▶ **Exercise input**
■ ■ ■

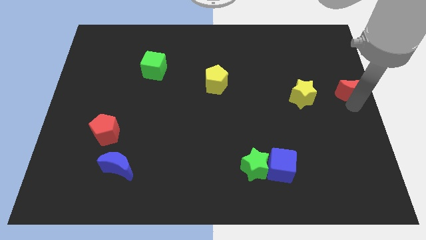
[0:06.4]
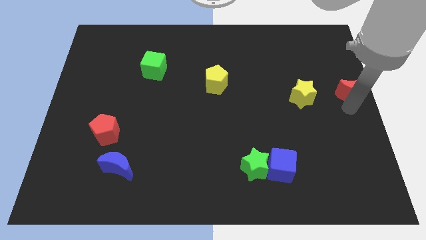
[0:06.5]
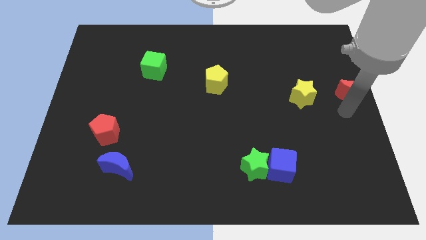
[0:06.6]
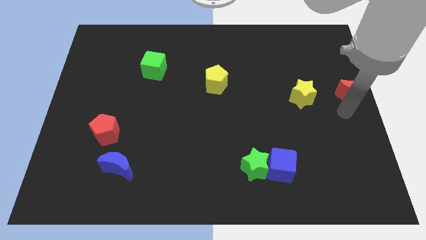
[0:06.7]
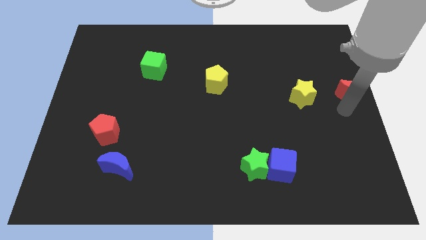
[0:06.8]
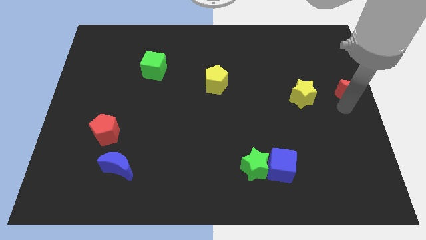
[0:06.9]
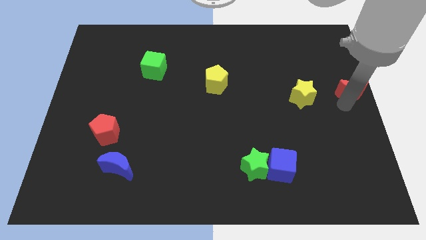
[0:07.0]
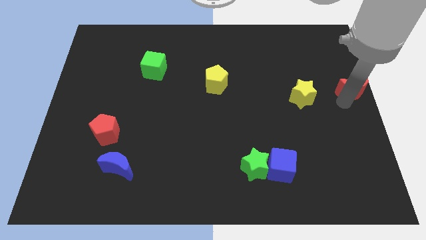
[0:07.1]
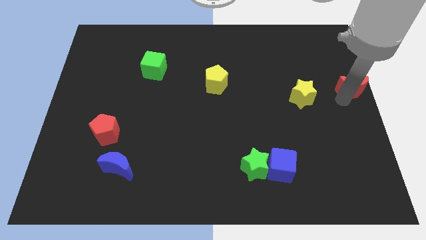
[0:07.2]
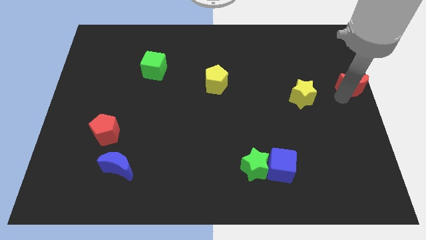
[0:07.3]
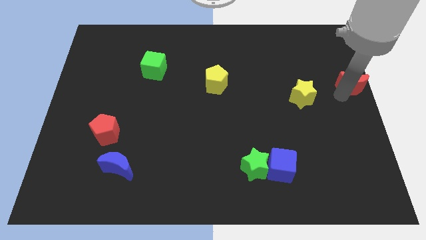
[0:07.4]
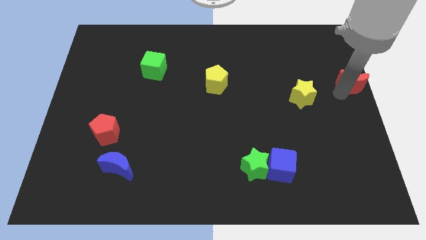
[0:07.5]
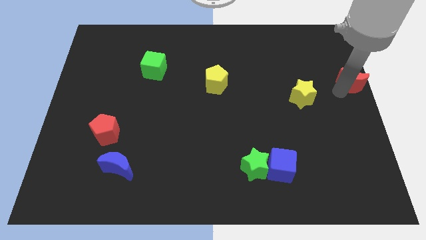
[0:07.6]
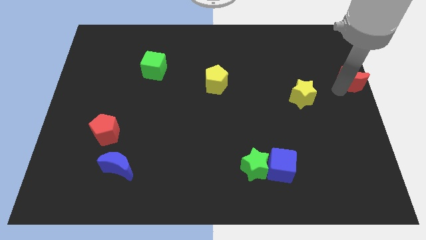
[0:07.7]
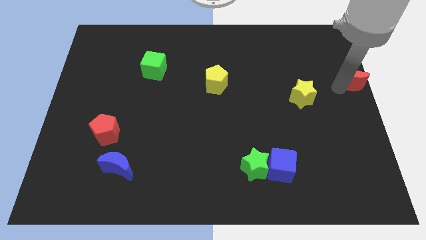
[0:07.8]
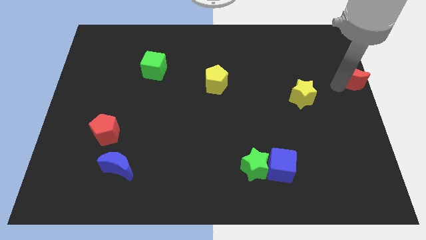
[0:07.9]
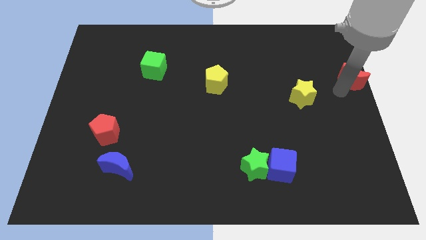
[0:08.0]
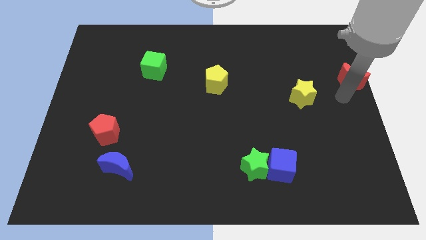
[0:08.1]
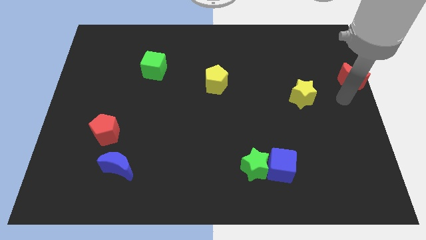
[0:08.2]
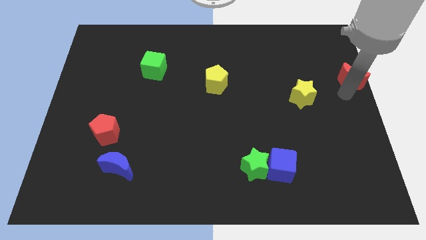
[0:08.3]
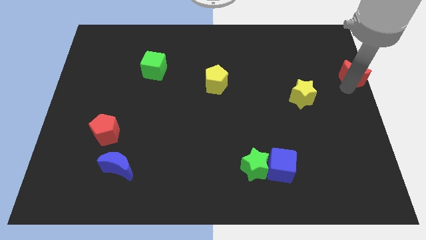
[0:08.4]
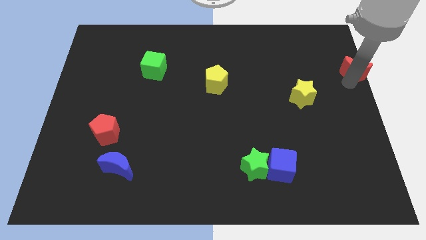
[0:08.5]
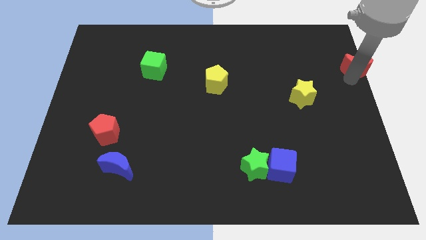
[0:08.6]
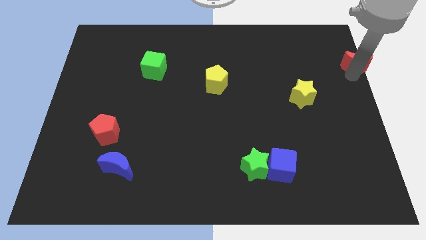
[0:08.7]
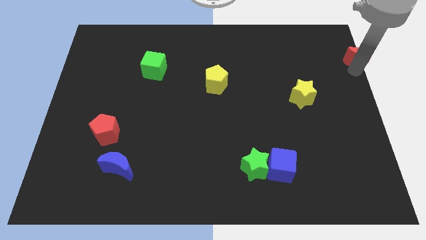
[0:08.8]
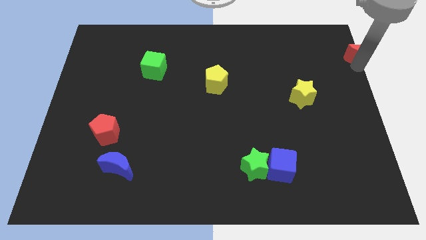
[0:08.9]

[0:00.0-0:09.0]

■ ■ ■

▶ **Your task**
Could you repeat every record exactly as written, with the pictures left out?

▶ **Output of the task**
[0:06.4]
[0:06.5]
[0:06.6]
[0:06.7]
[0:06.8]
[0:06.9]
[0:07.0]
[0:07.1]
[0:07.2]
[0:07.3]
[0:07.4]
[0:07.5]
[0:07.6]
[0:07.7]
[0:07.8]
[0:07.9]
[0:08.0]
[0:08.1]
[0:08.2]
[0:08.3]
[0:08.4]
[0:08.5]
[0:08.6]
[0:08.7]
[0:08.8]
[0:08.9]

[0:00.0-0:09.0]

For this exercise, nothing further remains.